# Where should I invest money from a previous 401k



## jimthesailor (Jun 28, 2015)

Just received over 400k from a previous 401k and parked it in an IRA I have with a major brokrage. Yes i transferred it correctly to avoid taxes. Now it is sitting in "cash" and I need to put it to work. I have another slightly larger account with the same firm that is around 75% stocks 15% mutual funds and 10% other. The stocks I own are companies that are strong performers and pay dividends every quarter with above average track records. Advisors keep talking about "safe" corporate bonds but sometimes I think they try to move me to things that they will benefit from the most. My stock portfolio is well diversified between consumer staples, financials, and health care. With bonds and other items paying little or nothing I feel that good solid dividend payers is a good place. Even if the market has a double digit correction if I don't let emotions run rampant it usually will pull through and grow. A close friend told me years ago"the only time you loose money in the stock market is when you sell" Any ideas out there from my fellow investors would be appreciated.


----------



## Lon (Jun 28, 2015)

I am a big fan of VANGUARD Jim and encourage you to look at their web site. I transferred my 401K to an IRA with them 25 years ago when I retired and have never been sorry. I went with the Wellesly Fund which has the right balance of stocks & bonds for my age & comfort zone. I have additional non IRA funds with them as well. Love their low cost fee approach.


----------



## Glinda (Jun 28, 2015)

Lon said:


> I am a big fan of VANGUARD Jim and encourage you to look at their web site. I transferred my 401K to an IRA with them 25 years ago when I retired and have never been sorry. I went with the Wellesly Fund which has the right balance of stocks & bonds for my age & comfort zone. I have additional non IRA funds with them as well. Love their low cost fee approach.

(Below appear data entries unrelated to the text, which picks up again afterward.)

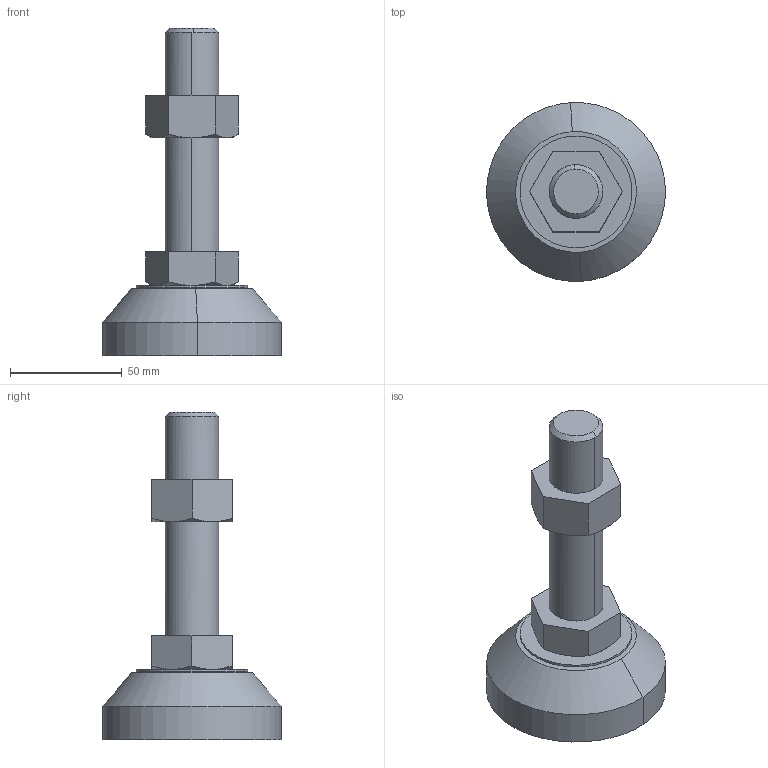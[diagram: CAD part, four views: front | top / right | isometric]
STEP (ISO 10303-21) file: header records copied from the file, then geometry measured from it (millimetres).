
FILE_DESCRIPTION((''),'2;1');
FILE_NAME('','2008-04-30T18:03:15',(''),(''),'','CADfix','');
FILE_SCHEMA(('AUTOMOTIVE_DESIGN { 1 0 10303 214 1 1 1 1 }'));
Length unit declared in the file: millimetre
Bounding box: 80 x 79.85 x 146.5 mm (x, y, z)
Volume: 203166.2 mm3; surface area: 32388.1 mm2
Topology: 2 solids, 2 shells, 52 faces, 144 edges, 102 vertices
Faces by surface type: bspline 52
Entity records: 1935 total; most frequent: CARTESIAN_POINT 1106, ORIENTED_EDGE 288, EDGE_CURVE 144, VERTEX_POINT 102, EDGE_LOOP 60, FACE_OUTER_BOUND 52, ADVANCED_FACE 52, QUASI_UNIFORM_CURVE 42

I agree.  You save money right off the bat with Vanguard because their fees are the lowest of all and they have so many funds to choose from.


----------



## QuickSilver (Jun 29, 2015)

I'm pretty heavy in American Funds.


----------



## oldman (Jul 1, 2015)

For me, I use Fidelity and only trade in "No Load" funds. I make my own trades and watch the markets fairly closely, but not as much as I did when I day traded. I diversify my portfolio.The reason to do this is because when one sector goes down, usually another goes up. For example, if stocks take a hit, then bonds will usually trade up and so on. Having the right mix is always a good thing. I like trading bonds, but always keep in mind that when we buy bonds, we are actually buying someone's debt, whether is be a corporation or a city, state , whatever. Bonds are debt being sold to the investor. If a company goes broke or a state, county, etc., cannot meet their payment dates, bondholders suffer. Who would have ever thought that a company like GM would default on their bond payments?

I also make single transactions, but not with IRA money. It's old money that I had lying around and not doing anything. I own Apple, Ford and GE as my major stocks. I also own some smaller and mid caps, as well. Sometimes, it's just fun to play around.


----------